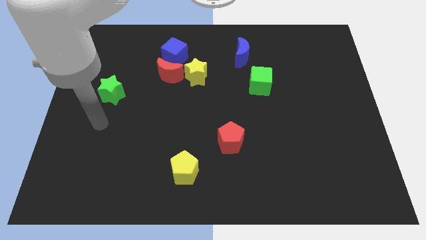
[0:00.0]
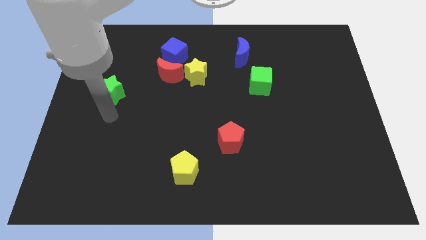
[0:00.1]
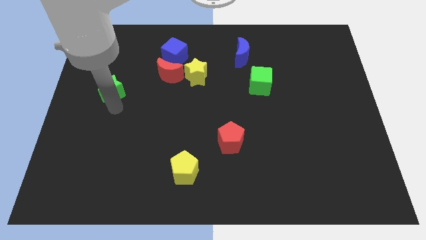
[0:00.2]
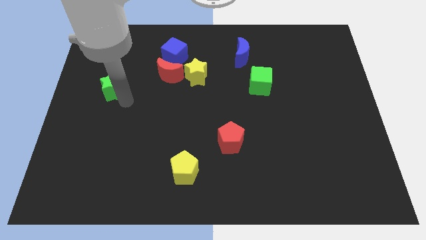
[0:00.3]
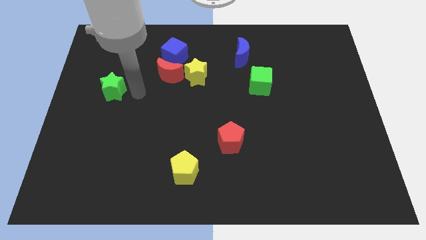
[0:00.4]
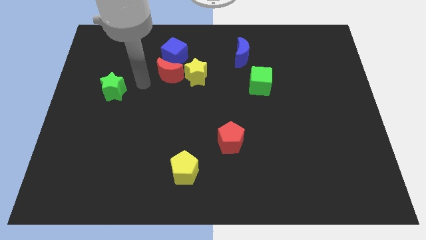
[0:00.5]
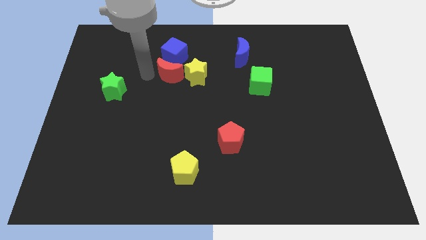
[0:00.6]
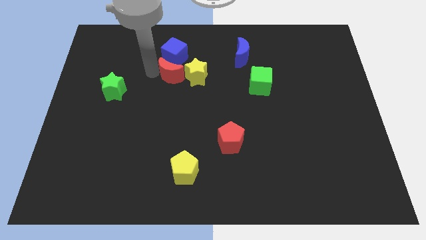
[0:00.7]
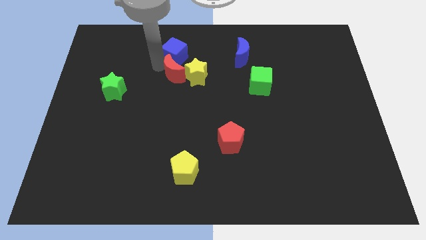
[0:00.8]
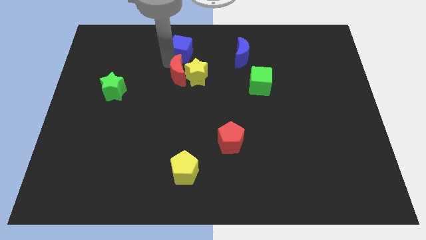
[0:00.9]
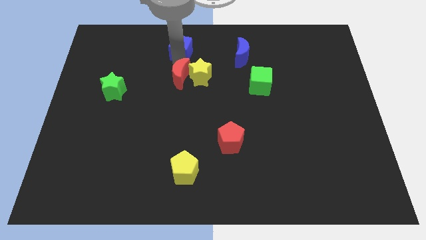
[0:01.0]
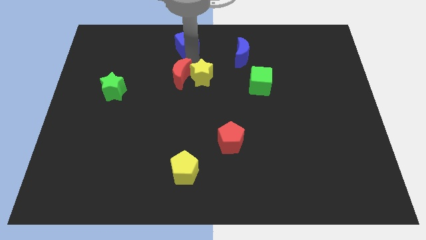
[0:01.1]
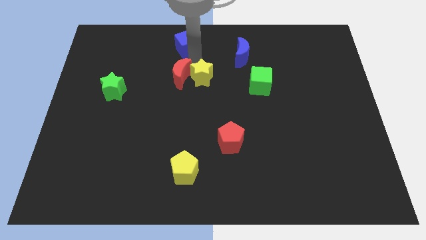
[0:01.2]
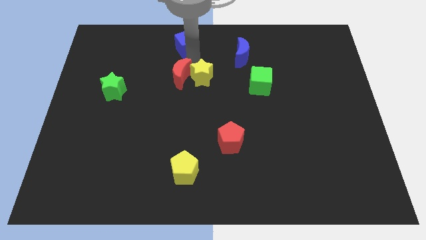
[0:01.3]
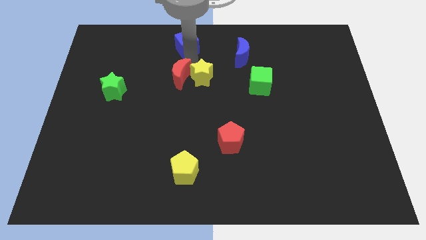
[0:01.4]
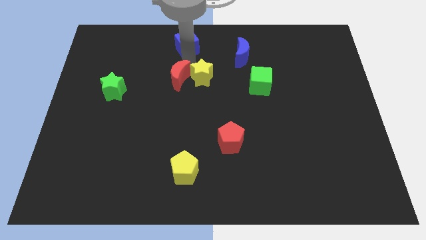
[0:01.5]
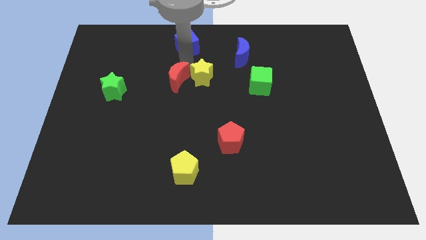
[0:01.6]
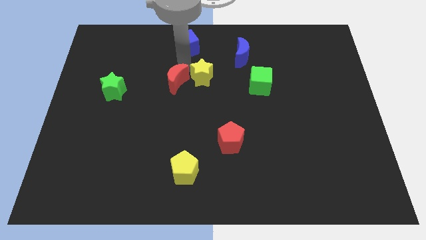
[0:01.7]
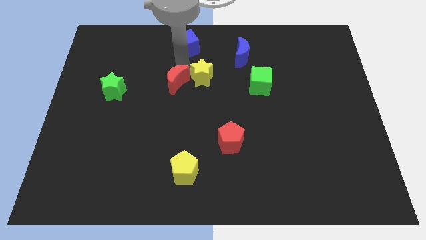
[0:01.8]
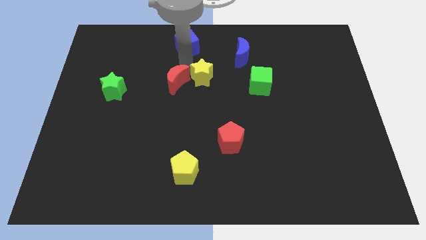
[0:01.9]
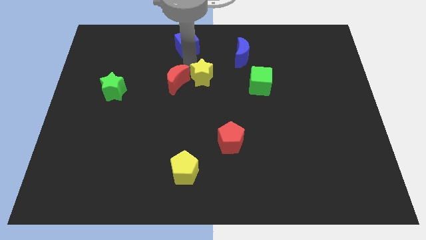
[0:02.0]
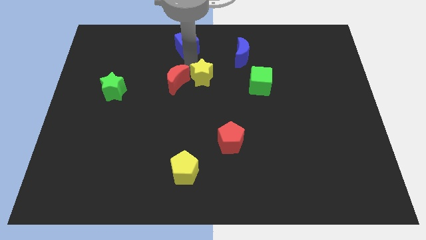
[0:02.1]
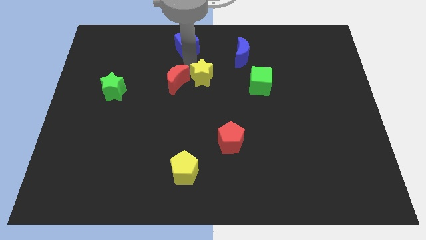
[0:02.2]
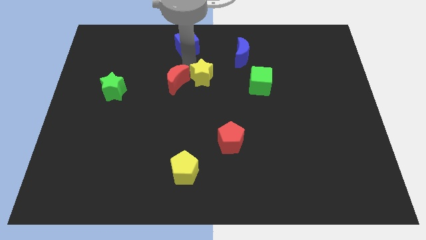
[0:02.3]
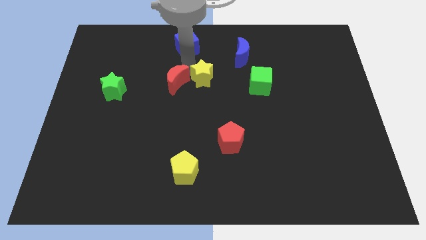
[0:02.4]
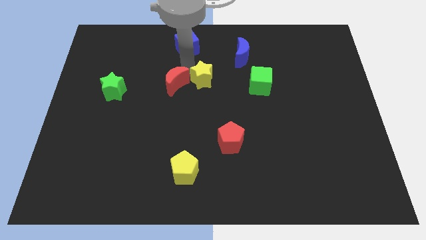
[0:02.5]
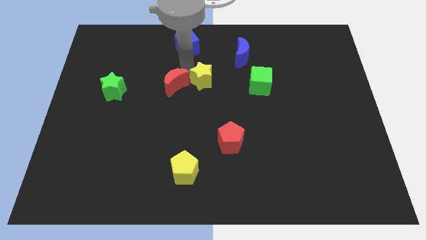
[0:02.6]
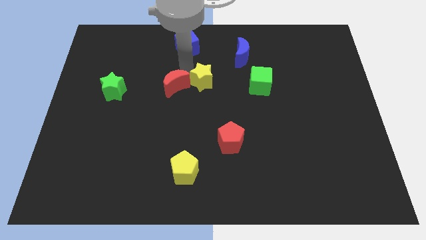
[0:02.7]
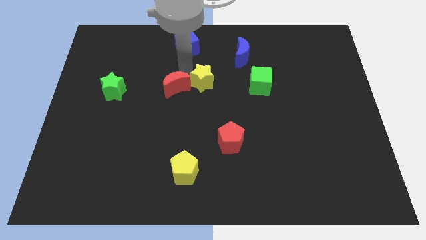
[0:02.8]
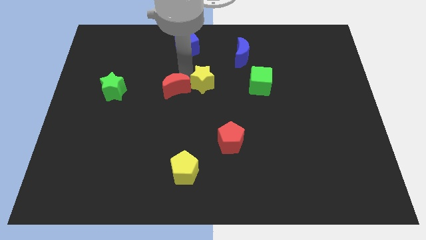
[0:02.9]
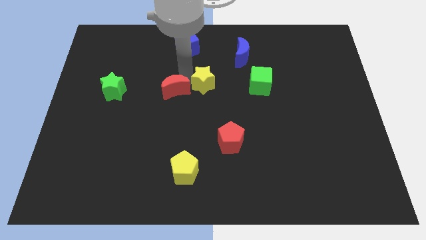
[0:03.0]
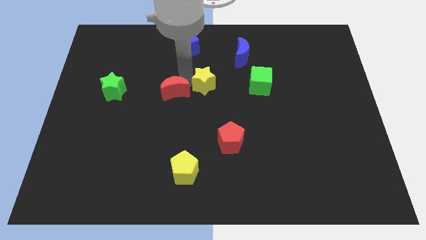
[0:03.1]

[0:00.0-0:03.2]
move the red moon away from the yellow star and blue cube

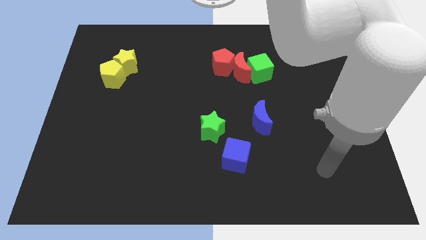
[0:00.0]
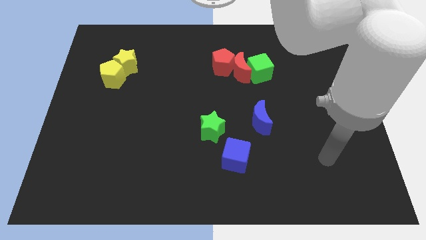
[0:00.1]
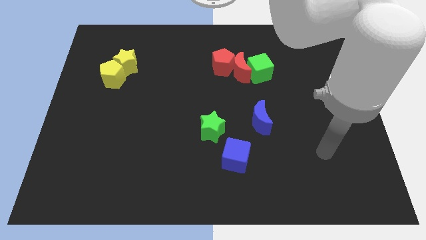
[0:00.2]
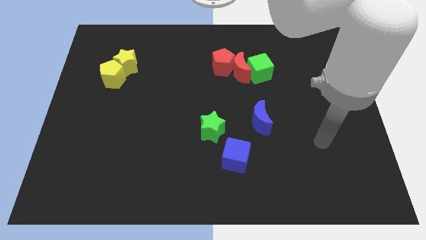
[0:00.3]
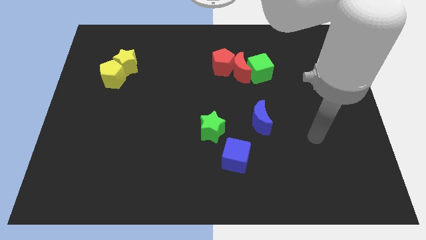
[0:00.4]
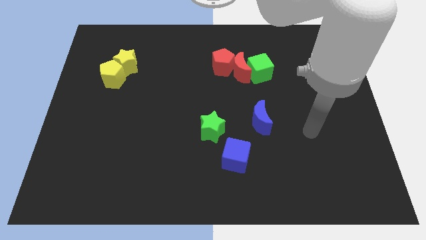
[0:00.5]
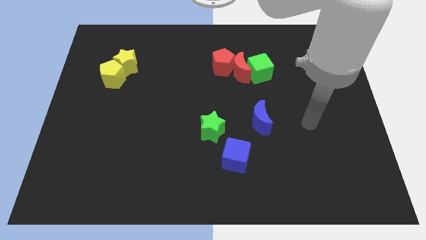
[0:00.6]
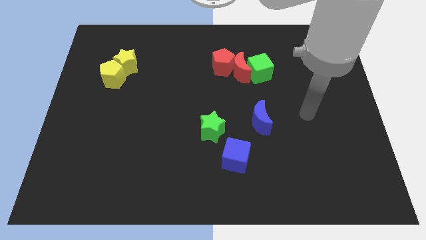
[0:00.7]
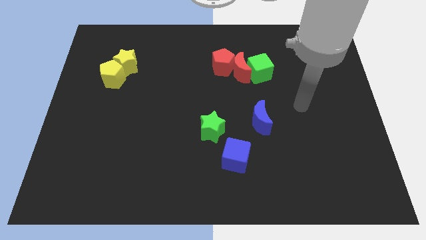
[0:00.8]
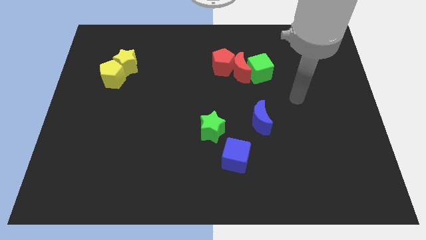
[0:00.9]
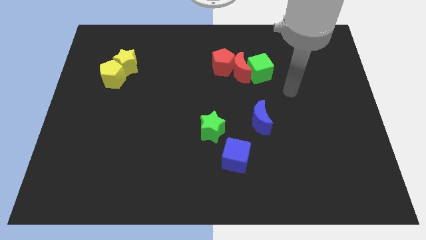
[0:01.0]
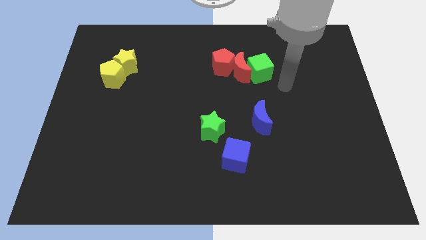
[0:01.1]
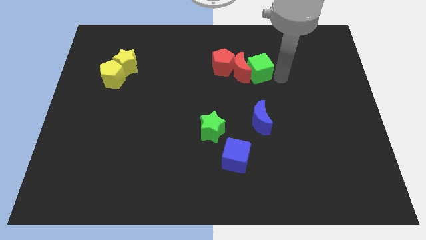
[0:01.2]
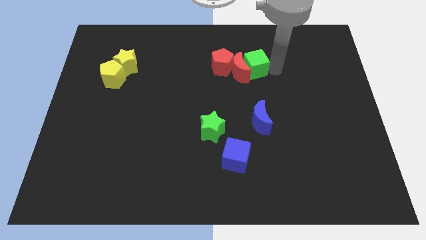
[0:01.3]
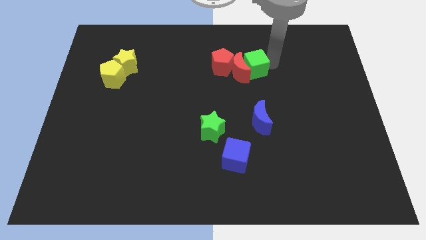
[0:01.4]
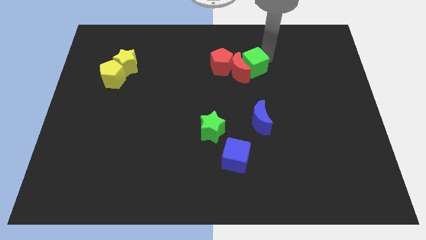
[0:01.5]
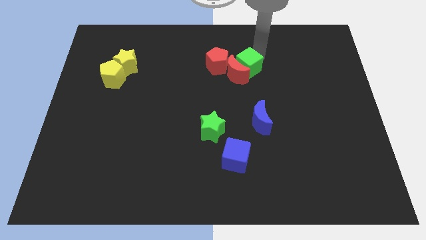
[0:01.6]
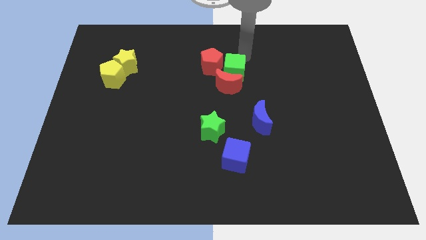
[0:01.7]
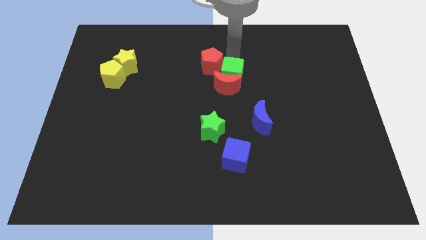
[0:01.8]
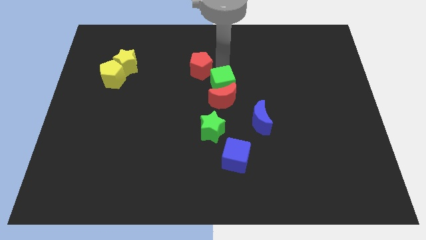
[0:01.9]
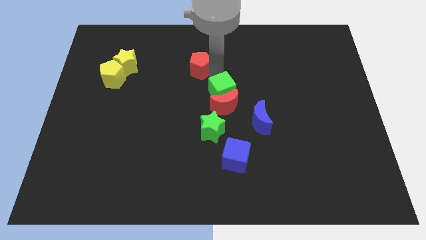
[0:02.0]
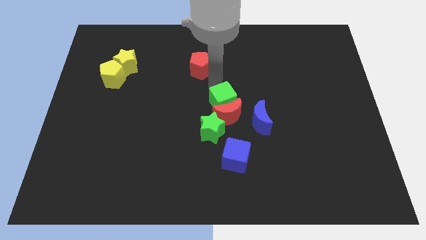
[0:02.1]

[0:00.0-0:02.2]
move the red moon away from the red pentagon and green cube
====
[Task description]:
In full and without change, repeat the material above, minus the pictures.

[Task response]:
[0:00.0]
[0:00.1]
[0:00.2]
[0:00.3]
[0:00.4]
[0:00.5]
[0:00.6]
[0:00.7]
[0:00.8]
[0:00.9]
[0:01.0]
[0:01.1]
[0:01.2]
[0:01.3]
[0:01.4]
[0:01.5]
[0:01.6]
[0:01.7]
[0:01.8]
[0:01.9]
[0:02.0]
[0:02.1]
[0:02.2]
[0:02.3]
[0:02.4]
[0:02.5]
[0:02.6]
[0:02.7]
[0:02.8]
[0:02.9]
[0:03.0]
[0:03.1]

[0:00.0-0:03.2]
move the red moon away from the yellow star and blue cube

[0:00.0]
[0:00.1]
[0:00.2]
[0:00.3]
[0:00.4]
[0:00.5]
[0:00.6]
[0:00.7]
[0:00.8]
[0:00.9]
[0:01.0]
[0:01.1]
[0:01.2]
[0:01.3]
[0:01.4]
[0:01.5]
[0:01.6]
[0:01.7]
[0:01.8]
[0:01.9]
[0:02.0]
[0:02.1]

[0:00.0-0:02.2]
move the red moon away from the red pentagon and green cube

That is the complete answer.